** THE RECORDS follows **

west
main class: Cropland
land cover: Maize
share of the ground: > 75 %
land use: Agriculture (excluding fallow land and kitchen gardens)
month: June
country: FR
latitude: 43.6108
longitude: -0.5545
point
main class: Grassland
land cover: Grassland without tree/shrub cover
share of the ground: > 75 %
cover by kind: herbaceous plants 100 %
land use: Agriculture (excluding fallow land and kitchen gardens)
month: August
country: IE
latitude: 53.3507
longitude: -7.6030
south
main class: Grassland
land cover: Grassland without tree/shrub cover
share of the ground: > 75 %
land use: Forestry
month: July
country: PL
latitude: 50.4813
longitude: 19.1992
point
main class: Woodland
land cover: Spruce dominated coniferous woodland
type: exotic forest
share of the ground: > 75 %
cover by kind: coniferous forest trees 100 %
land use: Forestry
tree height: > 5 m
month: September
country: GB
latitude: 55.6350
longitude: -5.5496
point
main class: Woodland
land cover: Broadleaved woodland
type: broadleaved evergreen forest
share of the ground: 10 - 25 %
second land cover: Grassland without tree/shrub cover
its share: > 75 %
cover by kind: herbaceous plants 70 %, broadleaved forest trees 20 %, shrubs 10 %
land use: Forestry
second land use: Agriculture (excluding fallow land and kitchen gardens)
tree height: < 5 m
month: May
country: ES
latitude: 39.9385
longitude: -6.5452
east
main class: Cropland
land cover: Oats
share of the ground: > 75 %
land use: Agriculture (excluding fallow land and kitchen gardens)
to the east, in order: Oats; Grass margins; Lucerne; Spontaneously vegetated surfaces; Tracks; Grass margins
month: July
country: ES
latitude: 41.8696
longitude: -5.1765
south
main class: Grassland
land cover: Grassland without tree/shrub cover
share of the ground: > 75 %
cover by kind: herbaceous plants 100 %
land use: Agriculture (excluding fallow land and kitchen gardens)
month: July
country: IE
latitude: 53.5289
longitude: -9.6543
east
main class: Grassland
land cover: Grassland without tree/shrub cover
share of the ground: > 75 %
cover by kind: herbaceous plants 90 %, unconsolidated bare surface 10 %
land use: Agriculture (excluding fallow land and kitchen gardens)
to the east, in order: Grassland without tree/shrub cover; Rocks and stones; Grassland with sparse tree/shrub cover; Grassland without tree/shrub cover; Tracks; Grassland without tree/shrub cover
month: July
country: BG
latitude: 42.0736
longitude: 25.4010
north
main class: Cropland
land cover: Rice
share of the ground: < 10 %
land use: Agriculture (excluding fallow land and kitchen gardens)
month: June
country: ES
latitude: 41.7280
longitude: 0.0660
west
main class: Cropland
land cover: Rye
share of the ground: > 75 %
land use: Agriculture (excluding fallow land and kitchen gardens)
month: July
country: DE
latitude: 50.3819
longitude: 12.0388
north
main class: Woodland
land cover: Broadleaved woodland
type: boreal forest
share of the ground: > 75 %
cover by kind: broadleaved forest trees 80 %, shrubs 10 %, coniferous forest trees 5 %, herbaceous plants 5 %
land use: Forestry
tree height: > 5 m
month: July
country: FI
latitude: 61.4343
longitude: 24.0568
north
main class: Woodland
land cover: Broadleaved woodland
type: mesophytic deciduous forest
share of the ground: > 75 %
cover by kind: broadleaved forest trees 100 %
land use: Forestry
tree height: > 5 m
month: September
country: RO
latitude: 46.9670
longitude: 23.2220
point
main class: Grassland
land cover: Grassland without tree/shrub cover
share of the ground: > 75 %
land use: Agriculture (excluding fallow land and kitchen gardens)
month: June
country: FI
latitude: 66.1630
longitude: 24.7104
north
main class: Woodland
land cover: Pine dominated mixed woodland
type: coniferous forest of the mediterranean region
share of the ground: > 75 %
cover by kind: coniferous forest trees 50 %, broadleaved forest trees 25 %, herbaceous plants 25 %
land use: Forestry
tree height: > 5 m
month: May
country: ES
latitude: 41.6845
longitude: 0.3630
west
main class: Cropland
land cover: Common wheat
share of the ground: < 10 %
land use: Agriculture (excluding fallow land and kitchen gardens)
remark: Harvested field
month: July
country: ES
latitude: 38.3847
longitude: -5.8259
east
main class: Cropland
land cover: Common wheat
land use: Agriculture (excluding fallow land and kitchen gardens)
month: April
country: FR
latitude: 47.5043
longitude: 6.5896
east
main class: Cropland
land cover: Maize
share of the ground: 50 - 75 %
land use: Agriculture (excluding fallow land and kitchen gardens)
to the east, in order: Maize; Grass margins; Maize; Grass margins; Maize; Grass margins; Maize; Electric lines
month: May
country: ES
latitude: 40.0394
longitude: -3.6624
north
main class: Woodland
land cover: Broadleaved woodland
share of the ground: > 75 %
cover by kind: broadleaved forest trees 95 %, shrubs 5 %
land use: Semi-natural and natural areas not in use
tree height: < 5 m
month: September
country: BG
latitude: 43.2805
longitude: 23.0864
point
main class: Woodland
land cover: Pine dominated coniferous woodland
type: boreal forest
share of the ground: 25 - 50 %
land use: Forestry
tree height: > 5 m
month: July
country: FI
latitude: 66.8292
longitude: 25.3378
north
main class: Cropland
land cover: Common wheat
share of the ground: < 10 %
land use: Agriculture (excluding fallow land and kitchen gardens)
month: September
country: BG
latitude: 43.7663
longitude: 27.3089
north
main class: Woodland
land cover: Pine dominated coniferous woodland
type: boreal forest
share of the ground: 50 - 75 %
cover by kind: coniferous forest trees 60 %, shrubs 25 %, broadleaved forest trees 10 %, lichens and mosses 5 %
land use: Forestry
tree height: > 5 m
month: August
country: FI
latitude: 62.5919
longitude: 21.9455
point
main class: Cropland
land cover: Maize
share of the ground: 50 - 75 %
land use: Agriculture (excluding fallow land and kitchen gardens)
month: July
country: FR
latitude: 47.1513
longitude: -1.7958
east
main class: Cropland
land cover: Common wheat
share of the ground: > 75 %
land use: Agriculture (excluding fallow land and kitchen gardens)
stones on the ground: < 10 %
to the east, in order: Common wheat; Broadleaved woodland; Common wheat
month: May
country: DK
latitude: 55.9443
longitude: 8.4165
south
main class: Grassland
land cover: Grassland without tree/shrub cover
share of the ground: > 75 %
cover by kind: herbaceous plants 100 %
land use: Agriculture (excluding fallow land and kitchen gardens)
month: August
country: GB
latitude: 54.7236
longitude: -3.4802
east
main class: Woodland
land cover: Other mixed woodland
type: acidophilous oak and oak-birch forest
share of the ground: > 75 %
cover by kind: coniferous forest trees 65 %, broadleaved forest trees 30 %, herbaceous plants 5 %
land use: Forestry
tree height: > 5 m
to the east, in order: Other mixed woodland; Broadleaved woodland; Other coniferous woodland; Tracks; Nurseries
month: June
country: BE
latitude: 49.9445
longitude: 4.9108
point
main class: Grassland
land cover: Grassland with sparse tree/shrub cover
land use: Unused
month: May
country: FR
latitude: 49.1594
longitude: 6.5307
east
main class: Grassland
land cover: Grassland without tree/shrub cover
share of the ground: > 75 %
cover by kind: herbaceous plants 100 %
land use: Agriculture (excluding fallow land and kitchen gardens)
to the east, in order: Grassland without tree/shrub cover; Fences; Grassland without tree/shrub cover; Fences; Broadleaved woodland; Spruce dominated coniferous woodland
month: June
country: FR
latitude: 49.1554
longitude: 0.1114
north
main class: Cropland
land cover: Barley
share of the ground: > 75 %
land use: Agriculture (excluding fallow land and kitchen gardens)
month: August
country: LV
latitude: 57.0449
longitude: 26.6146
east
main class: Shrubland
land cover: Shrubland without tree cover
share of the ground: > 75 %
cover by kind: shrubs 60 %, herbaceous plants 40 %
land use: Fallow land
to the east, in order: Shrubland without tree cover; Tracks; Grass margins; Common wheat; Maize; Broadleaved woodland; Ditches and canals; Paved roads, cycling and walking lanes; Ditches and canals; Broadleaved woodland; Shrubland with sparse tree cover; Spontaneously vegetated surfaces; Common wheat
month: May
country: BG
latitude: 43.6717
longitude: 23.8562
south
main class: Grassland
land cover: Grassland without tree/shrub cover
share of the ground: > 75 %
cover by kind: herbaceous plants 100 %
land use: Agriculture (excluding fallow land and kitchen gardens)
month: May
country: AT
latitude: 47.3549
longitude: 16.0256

** End of THE RECORDS **

PROBLEM TO SOLVE: Repeat the lines from the one containing "longitude: 23.8562" through the end of the listing, exactly and without any other lines; both ends are included.

OUTPUT FOR THIS TASK:
longitude: 23.8562
south
main class: Grassland
land cover: Grassland without tree/shrub cover
share of the ground: > 75 %
cover by kind: herbaceous plants 100 %
land use: Agriculture (excluding fallow land and kitchen gardens)
month: May
country: AT
latitude: 47.3549
longitude: 16.0256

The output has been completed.